Andreas Sembrant and etc. proposed a phase-aware model to calculate an application’s miss ratio more efficiently. They combine online phase detection and phase guided profiling to reduce overhead and increase the accuracy.
The StatCache which proposed by Berg and Hagersten is a low overhead statistical model. It can estimate miss ratio for caches of arbitrary size. But this model only report the average miss ratio which may not fully expose the application’s features. The miss ratio R can be calculated by the following function:
R * N = h1 f(1*R) + h2 f(2*R) + h3 f(3*R) + …
N = h1 + h2 + h3 + …
f(n) = 1 – (1-1/L)n
N is the number of reuse distance samples, f(n) is the function that indicate the probability that a cache line has been evicted from the cache when it was in the cache n cache misses ago. L is the number of cache lines in the cache.
One simple solution is that divide the program into window and sampling for each window to handle program phases. But the overhead will be significantly increase to capture the short application phases. To avoid this overhead, phase detecting algorithms are used to divide the program into different phases, sampling each phase once is enough and the subsequent instances of the same phase can use the same profiled data.
Based on this thinking, They proposed the ScarPhase (Sample-based Classification and analysis for Runtime Phases). They group the reuse distance of the program by phases and than apply the StatCache model to calculate the miss ratio for each group.
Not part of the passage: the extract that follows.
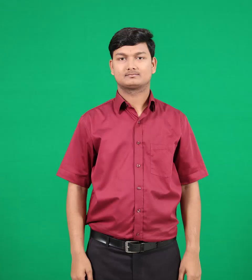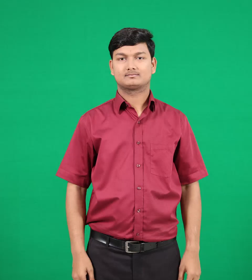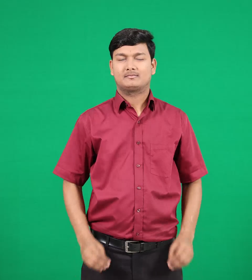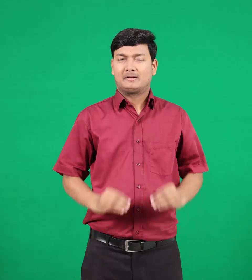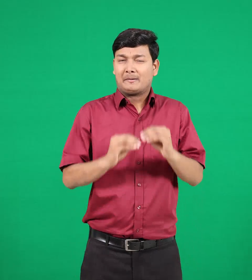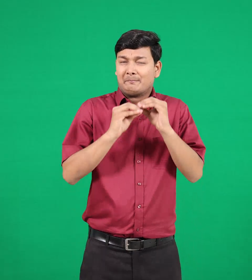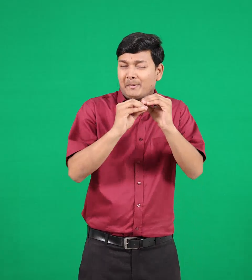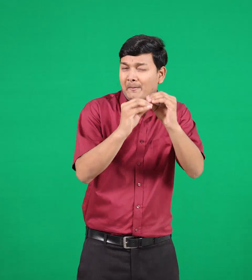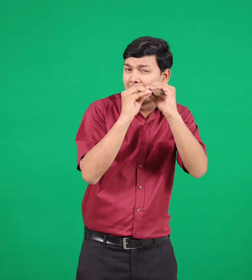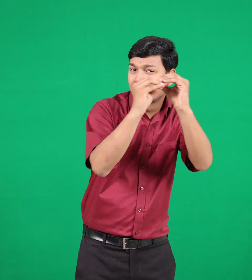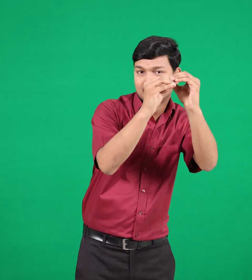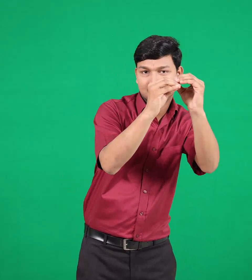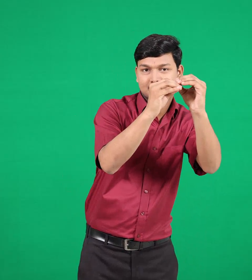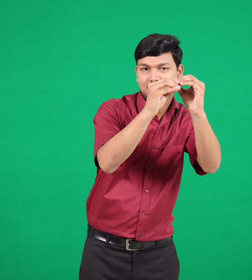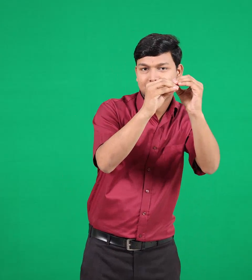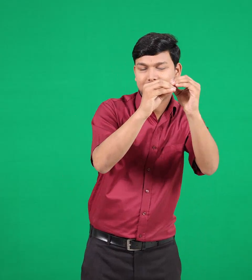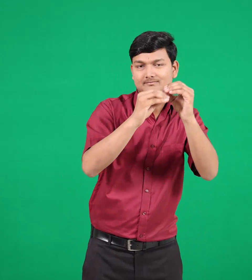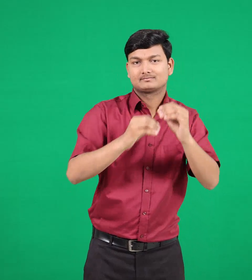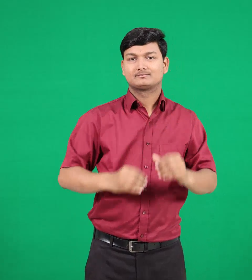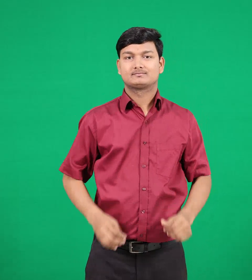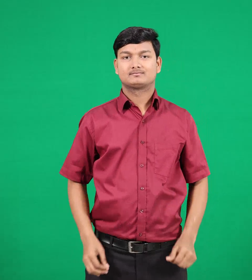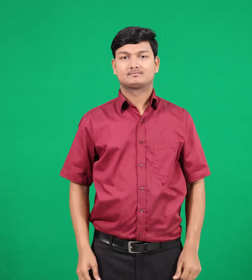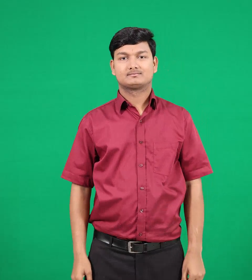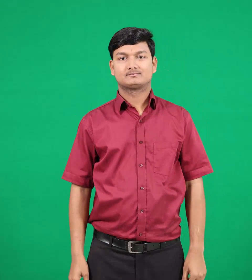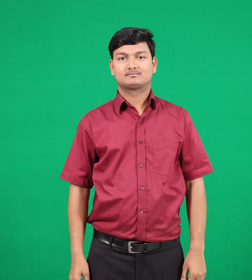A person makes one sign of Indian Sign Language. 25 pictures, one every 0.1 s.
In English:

They use ScarPhase library to detect and classify phases base on the application’s execution history.
Also they found that variations can also happen inside phases and classified them into four types: No variations, Transition variations, Periodic variations and Instance variations.
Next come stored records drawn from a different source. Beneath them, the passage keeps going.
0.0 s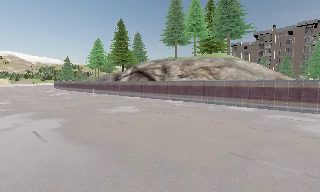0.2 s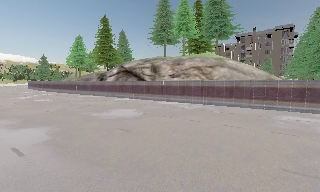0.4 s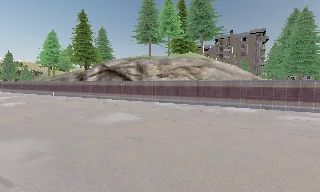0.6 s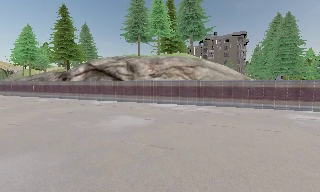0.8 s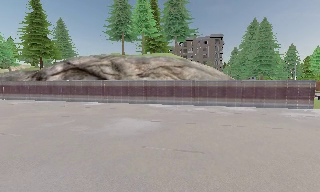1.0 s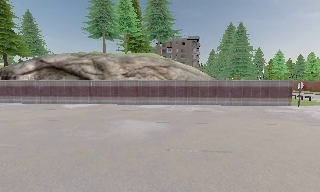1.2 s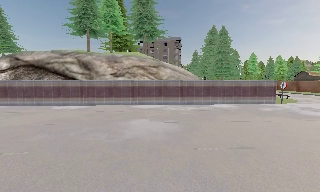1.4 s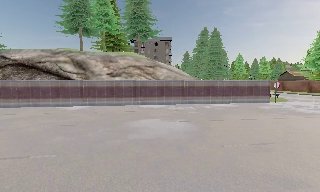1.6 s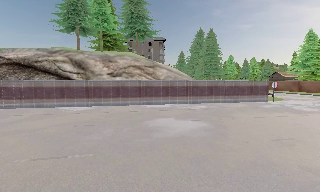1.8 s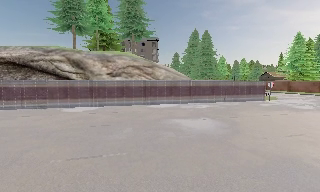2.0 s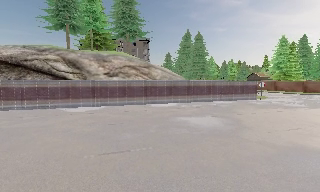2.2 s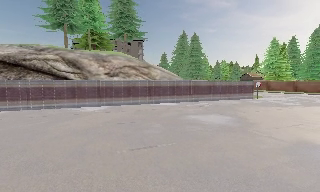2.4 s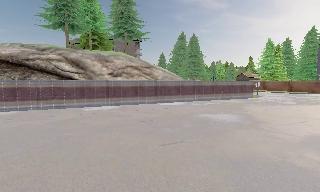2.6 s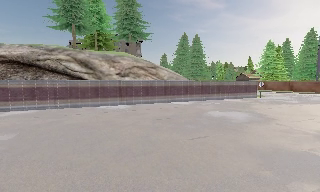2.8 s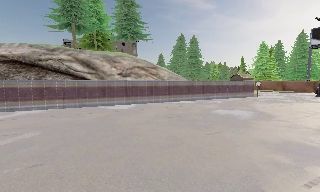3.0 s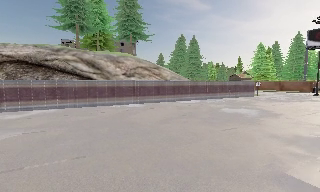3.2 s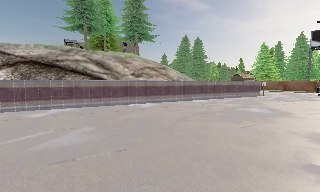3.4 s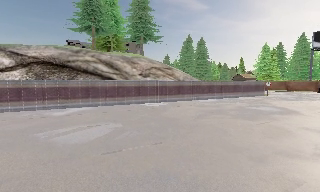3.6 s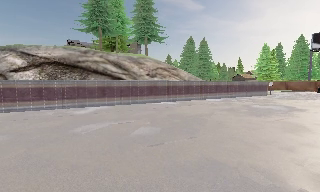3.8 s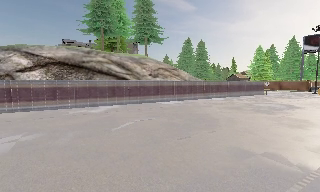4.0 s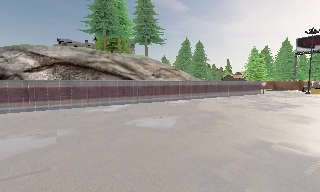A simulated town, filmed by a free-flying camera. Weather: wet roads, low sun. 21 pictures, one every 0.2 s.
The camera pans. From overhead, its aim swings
clockwise.
0.0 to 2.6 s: The camera pans to its right, which is clockwise from overhead, by about 65 degrees. It travels to its left, about 18 m.
2.6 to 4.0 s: The camera travels to its left and backward, about 9 m, so close, fixed things drift to the right.
The film runs forward here.

(1)No variations mean little changes happened inside the phase, so only a small part of each phase needs to be profiled.
(2)Transition variations mean the behavior slowly changes form one phase to another. So the transition should be divided into windows from the start to the end. More windows to profile, more accuracy we gain.
(3)Periodic variations mean the behavior changes rapidly and periodically.
(4)Instance variations mean the same phase operating on different data may have different miss ratio.
Compared with StatCache model, the ScarPhase increases accuracy by 39% and efficiency by 600%.